1. Method of operating a resonant driver circuit for driving a semiconductor switch, wherein the driver circuit includes a first switch for connecting a power supply via an inductor to a control terminal of the semiconductor switch and a second switch connected to the control terminal of the semiconductor switch for controlling a switching of the semiconductor switch, the method comprising the step of: pre-charging the inductor before a switching of the second switch.

2. The method of claim 1, wherein the semiconductor switch is a voltage controlled switch wherein the inductor is pre-charged by building up an inductor current prior to the switching of the second switch.

3. The method of claim 2, wherein the inductor current is built up by providing a time period, during which the first switch and the second switch are switched on.

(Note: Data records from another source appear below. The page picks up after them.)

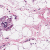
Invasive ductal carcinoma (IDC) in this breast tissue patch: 0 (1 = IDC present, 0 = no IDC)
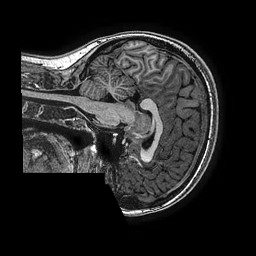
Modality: T1w
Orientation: sagittal
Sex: female
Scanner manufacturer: ge
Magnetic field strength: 3 T
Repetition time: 0.007628 s
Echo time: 0.00346 s
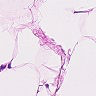
Metastatic tissue present: no
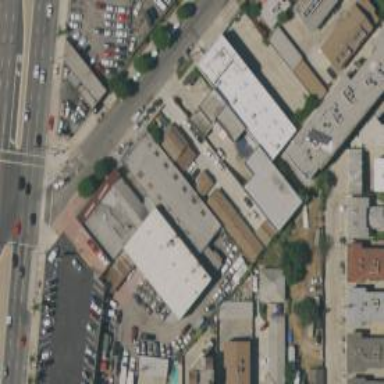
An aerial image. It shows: Commercial building.
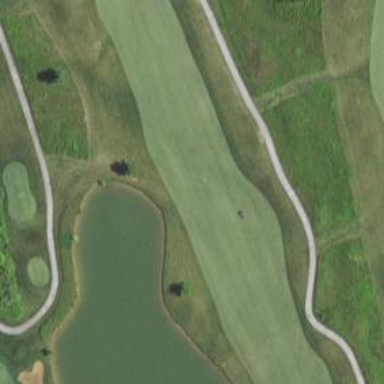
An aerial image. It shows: Grassy area designated as golf fairway.
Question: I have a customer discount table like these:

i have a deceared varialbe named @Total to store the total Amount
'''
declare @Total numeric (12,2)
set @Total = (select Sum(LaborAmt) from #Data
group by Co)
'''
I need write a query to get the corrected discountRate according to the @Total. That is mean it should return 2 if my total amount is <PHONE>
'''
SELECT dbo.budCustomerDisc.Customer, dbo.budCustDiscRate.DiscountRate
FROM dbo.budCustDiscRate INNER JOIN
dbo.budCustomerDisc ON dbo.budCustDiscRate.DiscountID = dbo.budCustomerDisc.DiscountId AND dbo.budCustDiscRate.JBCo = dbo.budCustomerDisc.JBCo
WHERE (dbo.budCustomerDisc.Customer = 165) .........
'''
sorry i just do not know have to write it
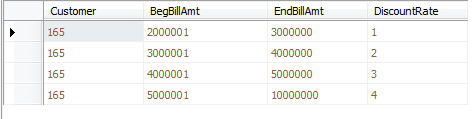
Answer: The key thing here is that you are looking for it to return a value when @Total falls between BegBillAmt and EndBillAmt. You want it to return the correct DiscountRate. To do this we need either a BETWEEN statement, or two statements, one that checks BegBillAmt and one that checks EndBill Amt. I'll illustrate both:
First using BETWEEN:
'''
SELECT dbo.budCustomerDisc.Customer, dbo.budCustDiscRate.DiscountRate
FROM dbo.budCustDiscRate INNER JOIN
dbo.budCustomerDisc ON dbo.budCustDiscRate.DiscountID = dbo.budCustomerDisc.DiscountId AND dbo.budCustDiscRate.JBCo = dbo.budCustomerDisc.JBCo
WHERE (dbo.budCustomerDisc.Customer = 165) AND @TOTAL BETWEEN BegBillAmt AND EndBillAmt
'''
Sometimes BETWEEN is unclear (heck I'm not sure it's supported outside SQL Server, or in a case like there where they are database fields rather than static variables). So here it is with the two checks:
'''
SELECT dbo.budCustomerDisc.Customer, dbo.budCustDiscRate.DiscountRate
FROM dbo.budCustDiscRate INNER JOIN
dbo.budCustomerDisc ON dbo.budCustDiscRate.DiscountID = dbo.budCustomerDisc.DiscountId AND dbo.budCustDiscRate.JBCo = dbo.budCustomerDisc.JBCo
WHERE (dbo.budCustomerDisc.Customer = 165) AND BegBillAmt >= @Total AND EndBillAmt <= @Total
'''
Hope this helps clarify things for you.

4. The method of claim 3, wherein the semiconductor switch has an input capacitance at its control terminal; and wherein the initial current allows for a fast switching of the semiconductor switch.

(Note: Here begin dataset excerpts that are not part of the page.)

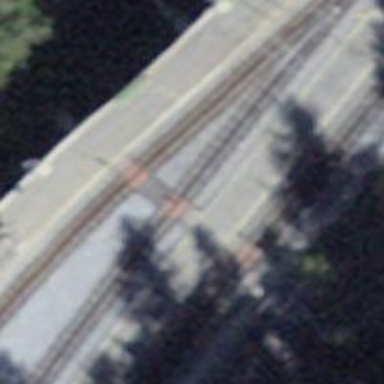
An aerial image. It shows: Crossing for the railway.
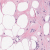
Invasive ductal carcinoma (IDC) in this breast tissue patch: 1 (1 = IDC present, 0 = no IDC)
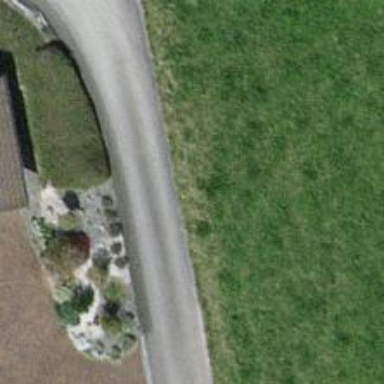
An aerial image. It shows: Asphalt road designated as living street.
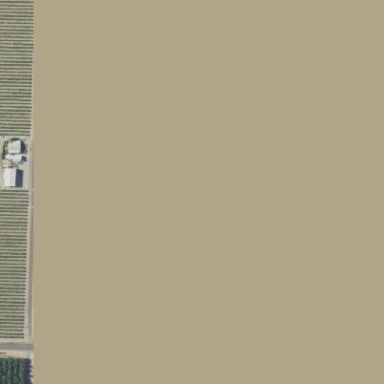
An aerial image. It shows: Almond orchard with rows of almond trees.
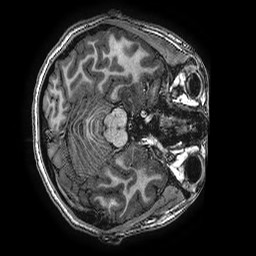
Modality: T1w
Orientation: axial
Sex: female
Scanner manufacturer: ge
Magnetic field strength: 3 T
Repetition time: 0.00766 s
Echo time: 0.003476 s
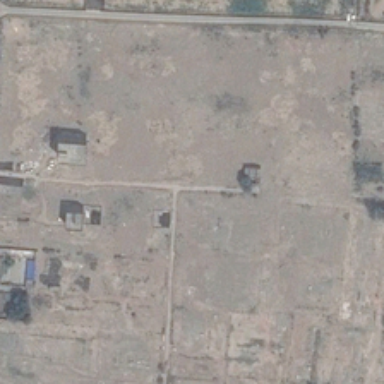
A road with some green trees is near a piece of bareland .
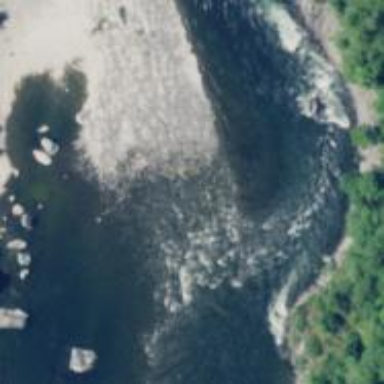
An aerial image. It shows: Rapids in the waterway.
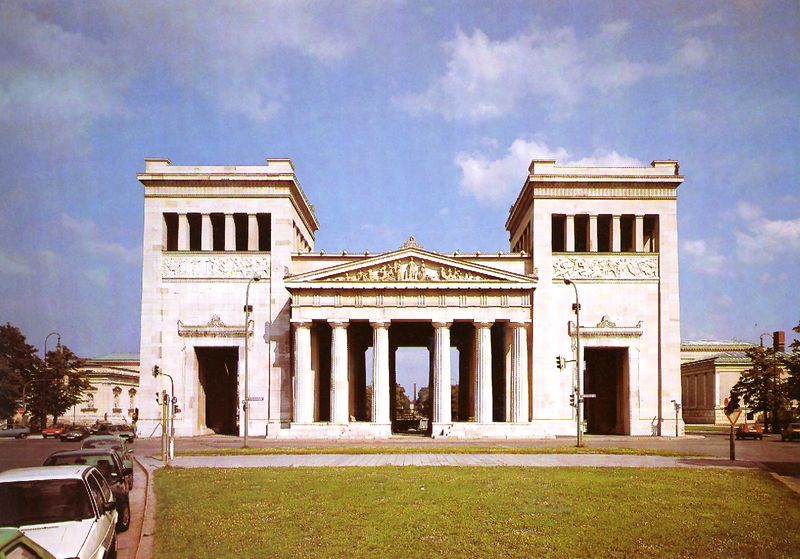
Titel: Propyläen in München
Künstler: Leo von Klenze
Standort: München, Propyläen (EU - D - B)
Schlagwörter: baum, blau, himmel, weiß, wolken, dreieck, grün, fenster, marmor, mitte, straße, stützen, säule, säulen, tür, dach, gebäude, gras, weg, wiese, architektur, stein, klassizismus, turm, relief, italien, türen, zwei, giebel, auto, draussen, tor, foto, schild, offen, türme, münchen, denkmal, stelzen, rom, photo, fries, dreiecksgiebel, portal, sandstein, portikus, tempel, dorisch, klassik, graß, bau, autos, römisch, königsplatz, monument, klassizistisch, tympanon, triglyphen, metopen, tower, arch, ampel, torbau, greek, roman, röm, stone, columns, marble, königshalle, quadratic
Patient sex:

5. The method of claim 2, wherein the pre-charging is performed such that the inductor current reaches approximately half of its peak-value before the switching of the second switch.

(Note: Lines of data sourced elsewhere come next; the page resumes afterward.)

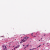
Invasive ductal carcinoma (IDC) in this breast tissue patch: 0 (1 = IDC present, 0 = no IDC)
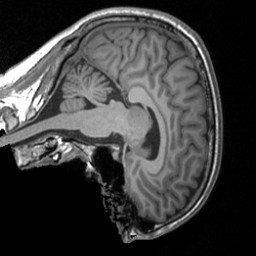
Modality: T1w
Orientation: sagittal
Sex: male
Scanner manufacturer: siemens
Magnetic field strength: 3 T
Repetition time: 1.9 s
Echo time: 0.00226 s
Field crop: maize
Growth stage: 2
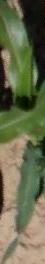
Species: maize
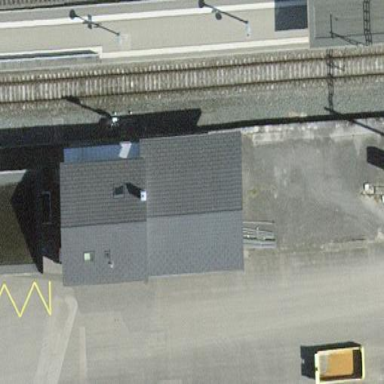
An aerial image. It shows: Building with gabled roof.
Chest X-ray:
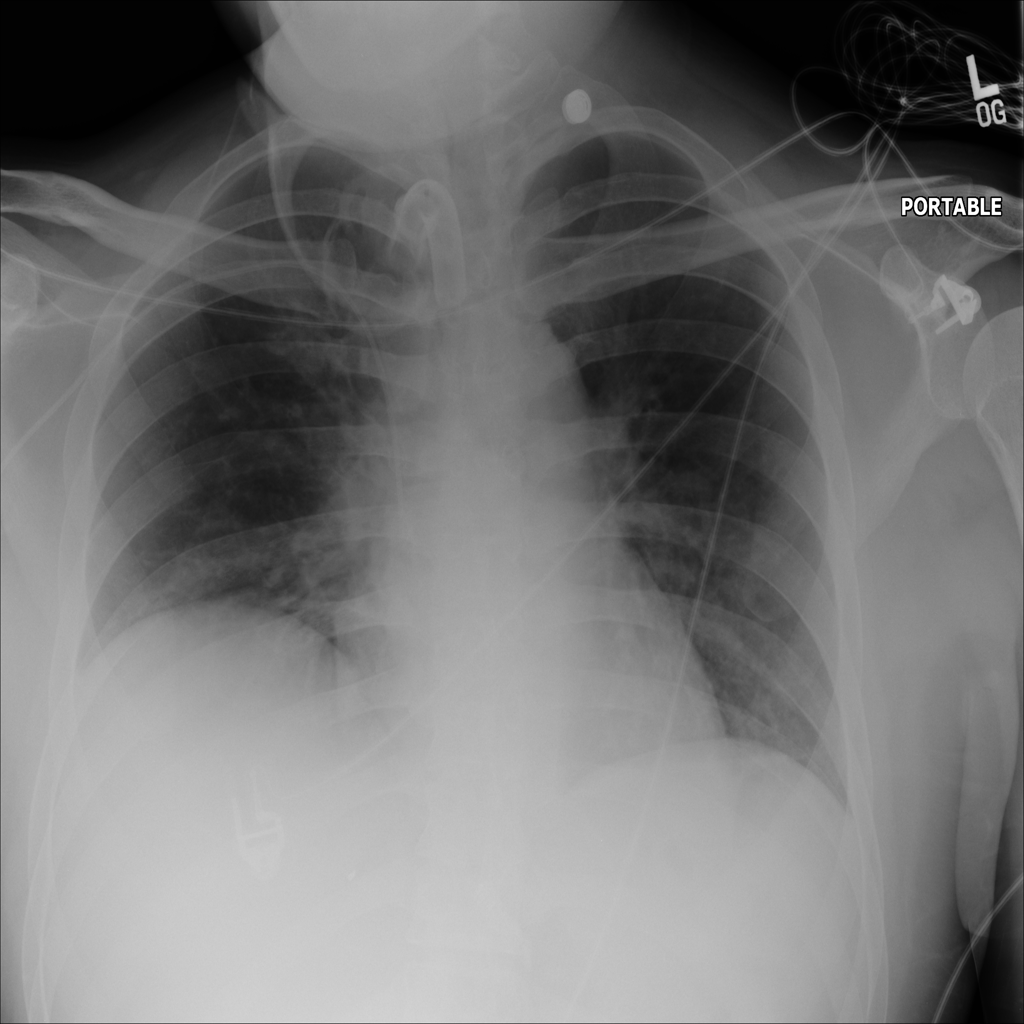
Findings: Consolidation
No abnormal finding: no

6. The method of claim 1, wherein the driver circuit further comprises: a third switch arranged between a power supply voltage and a first end of the inductor; a fourth switch arranged between ground and the first end of the inductor; a fifth switch arranged between the power supply voltage and a second end of the inductor, wherein the second end of the inductor is connected to the gate of the MOSFET; a sixth switch arranged between ground and the second end of the inductor; wherein a capacitance is arranged between the second end of the inductor and ground; wherein, the first switch is one of the third and fourth switches; wherein, when the first switch is the third switch, the second switch is the sixth switch; and wherein, when the first switch is the fourth switch, the second switch is the fifth switch, such that, for switching the MOSFET on, the sixth switch is kept on for a first period of time after the third switch was switched on, and such that, for switching the MOSFET off, the fifth switch is kept on for a second period of time after the fourth switch was switched on.

7. The method of claim 1, wherein the semiconductor switch is a MOSFET.

8. A control circuit for operating a resonant driver circuit for driving a semiconductor switch, wherein the driver circuit includes a first switch for connecting a power supply via an inductor to a control terminal of the semiconductor switch and a second switch connected to the gate of the semiconductor switch for controlling a switching of the semiconductor switch, the control circuit comprising: a switch controller for controlling the switching of the first and second switches such that the inductor is pre-charged before a switching of the second switch.

9. The control circuit of claim 8, wherein the inductor is pre-charged by building up an inductor current previous to the on-switching of the second switch by controlling the switching of the first and second switches by the switch controller such that the second switch is switched on before the first switch is switched off.